Your objective:
Below are records; write all of them out exactly.

Supplied material:
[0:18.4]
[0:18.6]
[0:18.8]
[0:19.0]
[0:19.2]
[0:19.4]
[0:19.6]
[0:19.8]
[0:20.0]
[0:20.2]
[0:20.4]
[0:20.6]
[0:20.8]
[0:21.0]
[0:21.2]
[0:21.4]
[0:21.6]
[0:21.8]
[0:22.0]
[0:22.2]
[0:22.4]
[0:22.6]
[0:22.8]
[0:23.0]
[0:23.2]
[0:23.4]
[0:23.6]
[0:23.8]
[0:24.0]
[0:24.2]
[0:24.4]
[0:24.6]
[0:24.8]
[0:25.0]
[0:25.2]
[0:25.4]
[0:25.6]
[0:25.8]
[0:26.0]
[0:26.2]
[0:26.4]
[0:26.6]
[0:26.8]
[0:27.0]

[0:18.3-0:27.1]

Final answer:
[0:18.4]
[0:18.6]
[0:18.8]
[0:19.0]
[0:19.2]
[0:19.4]
[0:19.6]
[0:19.8]
[0:20.0]
[0:20.2]
[0:20.4]
[0:20.6]
[0:20.8]
[0:21.0]
[0:21.2]
[0:21.4]
[0:21.6]
[0:21.8]
[0:22.0]
[0:22.2]
[0:22.4]
[0:22.6]
[0:22.8]
[0:23.0]
[0:23.2]
[0:23.4]
[0:23.6]
[0:23.8]
[0:24.0]
[0:24.2]
[0:24.4]
[0:24.6]
[0:24.8]
[0:25.0]
[0:25.2]
[0:25.4]
[0:25.6]
[0:25.8]
[0:26.0]
[0:26.2]
[0:26.4]
[0:26.6]
[0:26.8]
[0:27.0]

[0:18.3-0:27.1]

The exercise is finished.